• _EXERCISE PROMPT_
Look through the entries below. Report each line that has the word "mountain" in it.

#### PROVIDED DATA ####

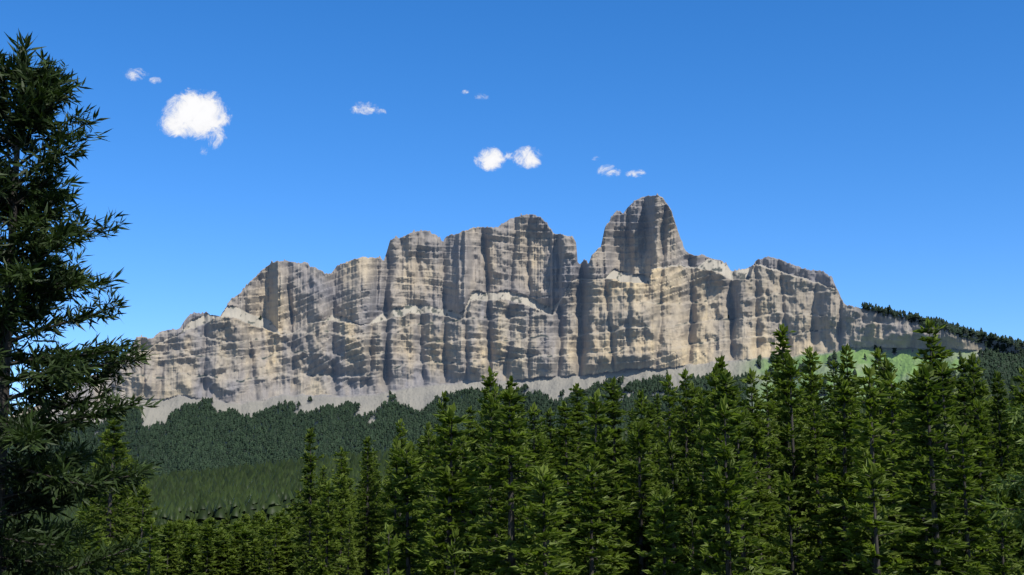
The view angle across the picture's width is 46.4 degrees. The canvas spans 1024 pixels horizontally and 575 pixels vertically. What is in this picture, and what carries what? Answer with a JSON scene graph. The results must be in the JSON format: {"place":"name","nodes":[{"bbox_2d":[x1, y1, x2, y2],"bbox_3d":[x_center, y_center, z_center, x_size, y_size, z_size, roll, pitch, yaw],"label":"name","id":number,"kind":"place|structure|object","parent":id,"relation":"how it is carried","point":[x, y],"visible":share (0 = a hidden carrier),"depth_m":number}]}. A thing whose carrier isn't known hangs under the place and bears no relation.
{"place":"outdoors","nodes":[
{"label":"outdoors","id":0,"kind":"place"},
{"bbox_2d":[0,0,1023,410],"label":"sky","id":1,"kind":"structure","parent":0,"point":[874,146]},
{"bbox_2d":[7,193,1023,469],"bbox_3d":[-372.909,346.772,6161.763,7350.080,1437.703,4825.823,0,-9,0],"label":"mountain","id":2,"kind":"structure","parent":0,"point":[417,319],"depth_m":5353.80},
{"bbox_2d":[7,302,1023,484],"bbox_3d":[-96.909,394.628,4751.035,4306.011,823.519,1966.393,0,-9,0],"label":"mountain forest trees","id":3,"kind":"object","parent":2,"relation":"on","point":[196,440],"visible":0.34,"depth_m":4919.95},
{"bbox_3d":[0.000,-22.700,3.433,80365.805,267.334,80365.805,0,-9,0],"label":"ground","id":4,"kind":"structure","parent":0,"visible":0},
{"bbox_2d":[0,28,163,574],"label":"pine","id":5,"kind":"object","parent":4,"relation":"on","point":[64,370],"visible":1,"depth_m":15.75},
{"bbox_2d":[72,497,105,574],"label":"tree","id":6,"kind":"object","parent":4,"relation":"on","point":[93,517],"visible":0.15,"depth_m":84.44},
{"bbox_2d":[84,526,117,574],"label":"tree","id":7,"kind":"object","parent":4,"relation":"on","point":[97,545],"visible":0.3,"depth_m":52.16},
{"bbox_2d":[78,405,143,574],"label":"tree","id":8,"kind":"object","parent":4,"relation":"on","point":[114,438],"visible":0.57,"depth_m":75.63},
{"bbox_2d":[99,441,139,574],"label":"tree","id":9,"kind":"object","parent":4,"relation":"on","point":[116,496],"visible":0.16,"depth_m":87.82},
{"bbox_2d":[108,455,157,574],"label":"tree","id":10,"kind":"object","parent":4,"relation":"on","point":[138,520],"visible":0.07,"depth_m":95.91},
{"bbox_2d":[119,482,167,574],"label":"tree","id":11,"kind":"object","parent":4,"relation":"on","point":[143,493],"visible":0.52,"depth_m":82.84},
{"bbox_2d":[128,517,169,574],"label":"tree","id":12,"kind":"object","parent":4,"relation":"on","point":[150,556],"visible":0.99,"depth_m":59.88},
{"bbox_2d":[156,520,178,574],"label":"tree","id":13,"kind":"object","parent":4,"relation":"on","point":[168,544],"visible":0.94,"depth_m":244.34},
{"bbox_2d":[164,524,181,573],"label":"tree","id":14,"kind":"object","parent":4,"relation":"on","point":[175,529],"visible":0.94,"depth_m":246.06},
{"bbox_2d":[175,534,208,574],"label":"tree","id":15,"kind":"object","parent":4,"relation":"on","point":[192,538],"visible":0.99,"depth_m":244.60},
{"bbox_2d":[196,524,221,574],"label":"tree","id":16,"kind":"object","parent":4,"relation":"on","point":[209,528],"visible":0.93,"depth_m":250.53},
{"bbox_2d":[213,534,231,574],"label":"tree","id":17,"kind":"object","parent":4,"relation":"on","point":[223,538],"visible":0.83,"depth_m":259.81},
{"bbox_2d":[237,542,251,574],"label":"tree","id":18,"kind":"object","parent":4,"relation":"on","point":[245,546],"visible":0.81,"depth_m":254.63},
{"bbox_2d":[232,528,260,574],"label":"tree","id":19,"kind":"object","parent":4,"relation":"on","point":[245,533],"visible":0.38,"depth_m":267.49},
{"bbox_2d":[245,539,265,574],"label":"tree","id":20,"kind":"object","parent":4,"relation":"on","point":[257,568],"visible":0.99,"depth_m":250.65},
{"bbox_2d":[261,544,276,574],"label":"tree","id":21,"kind":"object","parent":4,"relation":"on","point":[266,570],"visible":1,"depth_m":245.44},
{"bbox_2d":[264,513,289,574],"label":"tree","id":22,"kind":"object","parent":4,"relation":"on","point":[278,552],"visible":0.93,"depth_m":249.76},
{"bbox_2d":[275,534,295,574],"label":"tree","id":23,"kind":"object","parent":4,"relation":"on","point":[288,538],"visible":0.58,"depth_m":252.78},
{"bbox_2d":[287,483,319,574],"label":"tree","id":24,"kind":"object","parent":4,"relation":"on","point":[300,527],"visible":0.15,"depth_m":115.09},
{"bbox_2d":[286,427,329,574],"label":"tree","id":25,"kind":"object","parent":4,"relation":"on","point":[305,494],"visible":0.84,"depth_m":82.30},
{"bbox_2d":[307,479,348,574],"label":"tree","id":26,"kind":"object","parent":4,"relation":"on","point":[326,528],"visible":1,"depth_m":71.22},
{"bbox_2d":[316,498,358,574],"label":"tree","id":27,"kind":"object","parent":4,"relation":"on","point":[344,504],"visible":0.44,"depth_m":82.89},
{"bbox_2d":[323,473,357,573],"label":"tree","id":28,"kind":"object","parent":4,"relation":"on","point":[341,486],"visible":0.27,"depth_m":92.41},
{"bbox_2d":[320,447,365,574],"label":"tree","id":29,"kind":"object","parent":4,"relation":"on","point":[344,465],"visible":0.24,"depth_m":95.97},
{"bbox_2d":[339,511,361,574],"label":"tree","id":30,"kind":"object","parent":4,"relation":"on","point":[351,561],"visible":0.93,"depth_m":78.72},
{"bbox_2d":[352,456,384,574],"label":"tree","id":31,"kind":"object","parent":4,"relation":"on","point":[375,541],"visible":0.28,"depth_m":102.81},
{"bbox_2d":[353,436,386,574],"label":"tree","id":32,"kind":"object","parent":4,"relation":"on","point":[367,562],"visible":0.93,"depth_m":99.60},
{"bbox_2d":[364,480,385,572],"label":"tree","id":33,"kind":"object","parent":4,"relation":"on","point":[378,503],"visible":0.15,"depth_m":121.28},
{"bbox_2d":[372,522,404,574],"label":"tree","id":34,"kind":"object","parent":4,"relation":"on","point":[392,547],"visible":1,"depth_m":43.06},
{"bbox_2d":[376,438,419,571],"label":"tree","id":35,"kind":"object","parent":4,"relation":"on","point":[396,444],"visible":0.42,"depth_m":46.51},
{"bbox_2d":[380,419,417,572],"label":"tree","id":36,"kind":"object","parent":4,"relation":"on","point":[388,506],"visible":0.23,"depth_m":97.24},
{"bbox_2d":[374,442,437,574],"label":"tree","id":37,"kind":"object","parent":4,"relation":"on","point":[410,487],"visible":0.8,"depth_m":45.46},
{"bbox_2d":[412,421,435,572],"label":"tree","id":38,"kind":"object","parent":4,"relation":"on","point":[428,425],"visible":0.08,"depth_m":87.42},
{"bbox_2d":[410,430,439,569],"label":"tree","id":39,"kind":"object","parent":4,"relation":"on","point":[428,447],"visible":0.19,"depth_m":77.72},
{"bbox_2d":[413,467,445,573],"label":"tree","id":40,"kind":"object","parent":4,"relation":"on","point":[427,498],"visible":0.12,"depth_m":59.34},
{"bbox_2d":[417,486,453,570],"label":"tree","id":41,"kind":"object","parent":4,"relation":"on","point":[431,530],"visible":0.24,"depth_m":55.66},
{"bbox_2d":[417,390,454,516],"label":"tree","id":42,"kind":"object","parent":4,"relation":"on","point":[442,406],"visible":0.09,"depth_m":97.91},
{"bbox_2d":[443,527,465,574],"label":"tree","id":43,"kind":"object","parent":4,"relation":"on","point":[455,562],"visible":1,"depth_m":41.44},
{"bbox_2d":[405,403,505,574],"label":"tree","id":44,"kind":"object","parent":4,"relation":"on","point":[447,476],"visible":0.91,"depth_m":43.31},
{"bbox_2d":[442,435,487,557],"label":"tree","id":45,"kind":"object","parent":4,"relation":"on","point":[466,444],"visible":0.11,"depth_m":64.89},
{"bbox_2d":[459,405,484,542],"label":"tree","id":46,"kind":"object","parent":4,"relation":"on","point":[469,426],"visible":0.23,"depth_m":88.01},
{"bbox_2d":[467,366,501,536],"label":"tree","id":47,"kind":"object","parent":4,"relation":"on","point":[490,384],"visible":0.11,"depth_m":91.72},
{"bbox_2d":[466,395,507,574],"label":"tree","id":48,"kind":"object","parent":4,"relation":"on","point":[489,416],"visible":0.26,"depth_m":63.06},
{"bbox_2d":[463,437,519,572],"bbox_3d":[-0.801,15.104,51.682,3.496,17.480,4.080,-4,-9,24],"label":"tree","id":49,"kind":"object","parent":4,"relation":"on","point":[496,503],"visible":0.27,"depth_m":52.26},
{"bbox_2d":[479,383,505,542],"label":"tree","id":50,"kind":"object","parent":4,"relation":"on","point":[494,391],"visible":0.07,"depth_m":85.97},
{"bbox_2d":[453,385,568,574],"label":"tree","id":51,"kind":"object","parent":4,"relation":"on","point":[516,438],"visible":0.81,"depth_m":42.14},
{"bbox_2d":[1,377,1023,574],"bbox_3d":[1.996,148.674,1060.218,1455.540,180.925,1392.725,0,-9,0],"label":"forest trees","id":52,"kind":"object","parent":4,"relation":"on","point":[232,493],"visible":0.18,"depth_m":673.93},
{"bbox_2d":[492,392,533,560],"bbox_3d":[0.143,15.467,63.345,3.178,20.091,2.987,-3,-9,22],"label":"tree","id":53,"kind":"object","parent":4,"relation":"on","point":[521,448],"visible":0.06,"depth_m":64.08},
{"bbox_2d":[501,375,532,521],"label":"tree","id":54,"kind":"object","parent":4,"relation":"on","point":[509,383],"visible":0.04,"depth_m":89.10},
{"bbox_2d":[499,446,546,574],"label":"tree","id":55,"kind":"object","parent":4,"relation":"on","point":[522,485],"visible":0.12,"depth_m":48.81},
{"bbox_2d":[506,401,569,556],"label":"tree","id":56,"kind":"object","parent":4,"relation":"on","point":[535,445],"visible":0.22,"depth_m":73.00},
{"bbox_2d":[509,464,579,574],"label":"tree","id":57,"kind":"object","parent":4,"relation":"on","point":[533,552],"visible":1,"depth_m":39.42},
{"bbox_2d":[540,407,561,478],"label":"tree","id":58,"kind":"object","parent":4,"relation":"on","point":[551,434],"visible":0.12,"depth_m":119.86},
{"bbox_2d":[518,482,585,574],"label":"tree","id":59,"kind":"object","parent":4,"relation":"on","point":[552,500],"visible":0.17,"depth_m":43.33},
{"bbox_2d":[548,401,587,563],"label":"tree","id":60,"kind":"object","parent":4,"relation":"on","point":[562,465],"visible":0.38,"depth_m":83.30},
{"bbox_2d":[558,382,594,541],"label":"tree","id":61,"kind":"object","parent":4,"relation":"on","point":[579,406],"visible":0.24,"depth_m":86.47},
{"bbox_2d":[567,510,604,571],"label":"tree","id":62,"kind":"object","parent":4,"relation":"on","point":[575,549],"visible":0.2,"depth_m":52.43},
{"bbox_2d":[558,457,623,574],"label":"tree","id":63,"kind":"object","parent":4,"relation":"on","point":[596,528],"visible":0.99,"depth_m":49.17},
{"bbox_2d":[554,388,641,574],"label":"tree","id":64,"kind":"object","parent":4,"relation":"on","point":[623,508],"visible":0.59,"depth_m":59.18},
{"bbox_2d":[585,377,648,572],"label":"tree","id":65,"kind":"object","parent":4,"relation":"on","point":[614,453],"visible":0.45,"depth_m":81.87},
{"bbox_2d":[608,422,661,572],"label":"tree","id":66,"kind":"object","parent":4,"relation":"on","point":[623,523],"visible":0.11,"depth_m":80.17},
{"bbox_2d":[609,420,661,574],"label":"tree","id":67,"kind":"object","parent":4,"relation":"on","point":[640,490],"visible":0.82,"depth_m":60.25},
{"bbox_2d":[620,389,661,574],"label":"tree","id":68,"kind":"object","parent":4,"relation":"on","point":[641,405],"visible":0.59,"depth_m":61.10},
{"bbox_2d":[645,402,658,486],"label":"tree","id":69,"kind":"object","parent":4,"relation":"on","point":[650,408],"visible":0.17,"depth_m":107.87},
{"bbox_2d":[651,393,663,465],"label":"tree","id":70,"kind":"object","parent":4,"relation":"on","point":[657,422],"visible":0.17,"depth_m":127.76},
{"bbox_2d":[634,486,692,574],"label":"tree","id":71,"kind":"object","parent":4,"relation":"on","point":[666,566],"visible":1,"depth_m":39.41},
{"bbox_2d":[650,373,684,562],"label":"tree","id":72,"kind":"object","parent":4,"relation":"on","point":[670,400],"visible":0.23,"depth_m":80.70},
{"bbox_2d":[648,440,699,574],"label":"tree","id":73,"kind":"object","parent":4,"relation":"on","point":[671,474],"visible":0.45,"depth_m":57.84},
{"bbox_2d":[654,368,702,539],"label":"tree","id":74,"kind":"object","parent":4,"relation":"on","point":[682,418],"visible":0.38,"depth_m":75.24},
{"bbox_2d":[659,380,711,494],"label":"tree","id":75,"kind":"object","parent":4,"relation":"on","point":[694,394],"visible":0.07,"depth_m":106.12},
{"bbox_2d":[679,457,699,565],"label":"tree","id":76,"kind":"object","parent":4,"relation":"on","point":[688,466],"visible":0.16,"depth_m":62.38},
{"bbox_2d":[680,510,702,571],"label":"tree","id":77,"kind":"object","parent":4,"relation":"on","point":[694,534],"visible":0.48,"depth_m":53.65},
{"bbox_2d":[676,475,706,566],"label":"tree","id":78,"kind":"object","parent":4,"relation":"on","point":[692,495],"visible":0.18,"depth_m":59.59},
{"bbox_2d":[677,417,713,547],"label":"tree","id":79,"kind":"object","parent":4,"relation":"on","point":[702,498],"visible":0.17,"depth_m":72.02},
{"bbox_2d":[687,528,722,574],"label":"tree","id":80,"kind":"object","parent":4,"relation":"on","point":[704,534],"visible":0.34,"depth_m":37.91},
{"bbox_2d":[678,364,733,564],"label":"tree","id":81,"kind":"object","parent":4,"relation":"on","point":[712,377],"visible":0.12,"depth_m":74.42},
{"bbox_2d":[683,390,740,566],"bbox_3d":[9.981,14.591,57.610,3.368,19.273,4.388,-2,-9,10],"label":"tree","id":82,"kind":"object","parent":4,"relation":"on","point":[703,460],"visible":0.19,"depth_m":58.25},
{"bbox_2d":[694,355,739,538],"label":"tree","id":83,"kind":"object","parent":4,"relation":"on","point":[721,363],"visible":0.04,"depth_m":79.39},
{"bbox_2d":[692,370,775,565],"bbox_3d":[10.384,13.949,56.199,4.134,20.185,4.182,-2,-9,16],"label":"tree","id":84,"kind":"object","parent":4,"relation":"on","point":[723,381],"visible":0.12,"depth_m":57.29},
{"bbox_2d":[687,394,790,574],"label":"tree","id":85,"kind":"object","parent":4,"relation":"on","point":[722,482],"visible":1,"depth_m":37.39},
{"bbox_2d":[712,410,789,574],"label":"tree","id":86,"kind":"object","parent":4,"relation":"on","point":[739,446],"visible":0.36,"depth_m":48.42},
{"bbox_2d":[719,421,801,558],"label":"tree","id":87,"kind":"object","parent":4,"relation":"on","point":[772,502],"visible":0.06,"depth_m":65.78},
{"bbox_2d":[739,368,789,569],"bbox_3d":[13.077,14.631,63.462,3.770,20.921,3.932,2,-9,-13],"label":"tree","id":88,"kind":"object","parent":4,"relation":"on","point":[758,445],"visible":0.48,"depth_m":64.20},
{"bbox_2d":[754,369,811,566],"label":"tree","id":89,"kind":"object","parent":4,"relation":"on","point":[774,442],"visible":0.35,"depth_m":67.94},
{"bbox_2d":[760,323,810,526],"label":"tree","id":90,"kind":"object","parent":4,"relation":"on","point":[781,337],"visible":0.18,"depth_m":79.30},
{"bbox_2d":[763,352,813,570],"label":"tree","id":91,"kind":"object","parent":4,"relation":"on","point":[786,391],"visible":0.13,"depth_m":78.17},
{"bbox_2d":[765,471,827,574],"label":"tree","id":92,"kind":"object","parent":4,"relation":"on","point":[802,567],"visible":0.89,"depth_m":51.17},
{"bbox_2d":[765,352,838,574],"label":"tree","id":93,"kind":"object","parent":4,"relation":"on","point":[793,454],"visible":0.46,"depth_m":70.50},
{"bbox_2d":[781,346,842,570],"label":"tree","id":94,"kind":"object","parent":4,"relation":"on","point":[803,410],"visible":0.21,"depth_m":74.61},
{"bbox_2d":[787,400,842,573],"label":"tree","id":95,"kind":"object","parent":4,"relation":"on","point":[812,544],"visible":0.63,"depth_m":68.03},
{"bbox_2d":[806,408,842,560],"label":"tree","id":96,"kind":"object","parent":4,"relation":"on","point":[827,415],"visible":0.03,"depth_m":95.18},
{"bbox_2d":[824,374,862,488],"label":"tree","id":97,"kind":"object","parent":4,"relation":"on","point":[836,377],"visible":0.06,"depth_m":99.45},
{"bbox_2d":[797,379,890,574],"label":"tree","id":98,"kind":"object","parent":4,"relation":"on","point":[844,424],"visible":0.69,"depth_m":54.42},
{"bbox_2d":[822,360,868,453],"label":"tree","id":99,"kind":"object","parent":4,"relation":"on","point":[828,388],"visible":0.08,"depth_m":102.40},
{"bbox_2d":[830,343,870,571],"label":"tree","id":100,"kind":"object","parent":4,"relation":"on","point":[844,365],"visible":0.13,"depth_m":73.54},
{"bbox_2d":[850,347,891,544],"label":"tree","id":101,"kind":"object","parent":4,"relation":"on","point":[879,413],"visible":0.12,"depth_m":76.24},
{"bbox_2d":[827,364,916,574],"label":"tree","id":102,"kind":"object","parent":4,"relation":"on","point":[871,432],"visible":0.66,"depth_m":49.33},
{"bbox_2d":[854,370,908,574],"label":"tree","id":103,"kind":"object","parent":4,"relation":"on","point":[891,377],"visible":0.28,"depth_m":60.59},
{"bbox_2d":[838,458,928,574],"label":"tree","id":104,"kind":"object","parent":4,"relation":"on","point":[868,482],"visible":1,"depth_m":40.84},
{"bbox_2d":[861,356,912,574],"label":"tree","id":105,"kind":"object","parent":4,"relation":"on","point":[886,363],"visible":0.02,"depth_m":73.71},
{"bbox_2d":[871,396,907,558],"bbox_3d":[19.819,14.896,60.713,3.764,19.085,3.807,8,-12,-44],"label":"tree","id":106,"kind":"object","parent":4,"relation":"on","point":[887,414],"visible":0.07,"depth_m":61.63},
{"bbox_2d":[880,377,943,565],"bbox_3d":[19.124,14.028,55.378,4.676,19.751,5.457,6,-10,-32],"label":"tree","id":107,"kind":"object","parent":4,"relation":"on","point":[910,449],"visible":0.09,"depth_m":56.26},
{"bbox_2d":[886,454,956,574],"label":"tree","id":108,"kind":"object","parent":4,"relation":"on","point":[914,563],"visible":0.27,"depth_m":48.84},
{"bbox_2d":[891,367,967,572],"bbox_3d":[17.048,13.096,49.090,3.929,19.727,3.693,0,-9,3],"label":"tree","id":109,"kind":"object","parent":4,"relation":"on","point":[903,455],"visible":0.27,"depth_m":49.98},
{"bbox_2d":[885,363,987,574],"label":"tree","id":110,"kind":"object","parent":4,"relation":"on","point":[936,543],"visible":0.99,"depth_m":41.26},
{"bbox_2d":[903,318,989,549],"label":"tree","id":111,"kind":"object","parent":4,"relation":"on","point":[938,348],"visible":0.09,"depth_m":79.52},
{"bbox_2d":[904,359,1005,574],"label":"tree","id":112,"kind":"object","parent":4,"relation":"on","point":[945,373],"visible":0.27,"depth_m":51.43},
{"bbox_2d":[944,356,982,532],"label":"tree","id":113,"kind":"object","parent":4,"relation":"on","point":[960,386],"visible":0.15,"depth_m":72.72},
{"bbox_2d":[930,424,1001,574],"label":"tree","id":114,"kind":"object","parent":4,"relation":"on","point":[952,471],"visible":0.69,"depth_m":47.98},
{"bbox_2d":[955,352,1023,568],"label":"tree","id":115,"kind":"object","parent":4,"relation":"on","point":[979,392],"visible":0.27,"depth_m":70.60},
{"bbox_2d":[965,398,1021,574],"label":"tree","id":116,"kind":"object","parent":4,"relation":"on","point":[984,459],"visible":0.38,"depth_m":58.09},
{"bbox_2d":[971,403,1023,574],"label":"spruce","id":117,"kind":"object","parent":4,"relation":"on","point":[1020,416],"visible":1,"depth_m":24.95},
{"bbox_2d":[981,486,1023,574],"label":"tree","id":118,"kind":"object","parent":4,"relation":"on","point":[1004,552],"visible":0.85,"depth_m":42.57},
{"bbox_2d":[986,369,1022,555],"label":"tree","id":119,"kind":"object","parent":4,"relation":"on","point":[998,405],"visible":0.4,"depth_m":71.04},
{"bbox_2d":[999,417,1016,510],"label":"tree","id":120,"kind":"object","parent":4,"relation":"on","point":[1008,432],"visible":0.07,"depth_m":106.39},
{"bbox_2d":[999,366,1023,574],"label":"tree","id":121,"kind":"object","parent":4,"relation":"on","point":[1017,378],"visible":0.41,"depth_m":69.79},
{"bbox_2d":[1007,417,1023,574],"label":"tree","id":122,"kind":"object","parent":4,"relation":"on","point":[1015,560],"visible":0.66,"depth_m":40.78},
{"bbox_2d":[1009,396,1023,534],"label":"tree","id":123,"kind":"object","parent":4,"relation":"on","point":[1017,452],"visible":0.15,"depth_m":93.44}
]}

####

• _EXPECTED OUTPUT_
{"bbox_2d":[7,193,1023,469],"bbox_3d":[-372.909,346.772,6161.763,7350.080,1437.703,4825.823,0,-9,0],"label":"mountain","id":2,"kind":"structure","parent":0,"point":[417,319],"depth_m":5353.80},
{"bbox_2d":[7,302,1023,484],"bbox_3d":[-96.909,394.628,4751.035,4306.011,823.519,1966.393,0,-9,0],"label":"mountain forest trees","id":3,"kind":"object","parent":2,"relation":"on","point":[196,440],"visible":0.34,"depth_m":4919.95},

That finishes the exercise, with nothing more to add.